The High Court however did not take into consideration the contention of Modi Rubber citing that what is important is not the date of filing the application with BIFR but the date of registration of the application, which in the present case was after the date of the passing of the winding up order. However, the Court thereafter took into consideration the subsequent events, namely the fact of registration of the reference and relying upon Rishabh Agro Industries Ltd. v. P.N.B. Capital Service Ltd., (2000) 5 SCC 515 it was held that Modi Rubber was entitled to the benefit of the provisions of Section 22 of the SICA. The High Court also held that a winding up order passed under the Companies Act, 1956 is not the culmination of the proceedings pending before the Company Court. The final order to be passed in the winding up proceedings is an order of dissolution of the company under Section 481 of the Act.
It was argued by Madura Courts that since the reference before BIFR got registered only after passing of the order of the winding up by the Court, Modi Rubber cannot take shelter under SICA and that the order for winding up should prevail. However, the Court based on various judicial pronouncements and the scheme of law discussed that the scheme is such that the company must be first allowed for revival and that only then should the period of moratorium begin. Although this scheme seems to be in the spirit of things, this provision being overriding in nature over other laws may be used as a protracting device by companies at times. The provisions of SICA prevailing over the winding up order has always been controversial. In paragraph 25 of the ruling the Court discussed that it could not be said that the provisions of Section 22 of the SICA would not be attracted after an order of winding up is passed.
In fact the Court in paragraph 20 lamented that although at times it may seem that the provision of law may be used but may cause abuse of process of law, however, the Court cannot do anything about the same as the same is for the legislature to take appropriate steps. Therefore, this become obvious that the Court also acknowledges the fact that the provisions of law could be misused as well.
Provisions under the Bankruptcy Code
The provisions of the Insolvency and Bankruptcy Code, 2016 (hereinafter referred to as the “Code”) provides for corporate insolvency process. Once the Code comes into force, the Sick Industrial Companies (Special Provisions) Repeal Act, 2003 will be enforced. Once the said Act gets enforced, SICA being the principal legislation will lose its existence. Therefore, the revival of companies will not be possible under SICA. Currently, sections 253 to 269 of the Companies Act, 2013 provide for revival of companies; however, the said sections are not yet enforced.
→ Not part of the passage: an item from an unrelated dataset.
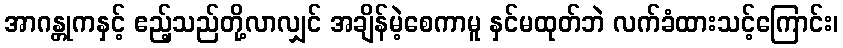
အာဂန္တုကနှင့် ဧည့်သည်တို့လာလျှင် အချိန်မဲ့စေကာမူ နှင်မထုတ်ဘဲ လက်ခံထားသင့်ကြောင်း၊

Therefore, once SICA gets repealed one would have to take shelter under the Companies Act, 2013. However, with the Code coming into force, these sections will get omitted as one will have to proceed for revival under Chapter II of the Code.
Once an application under the Code is admitted by the National Company Law Tribunal (NCLT), all the proceedings under other laws will be stayed until the moratorium period under the Code.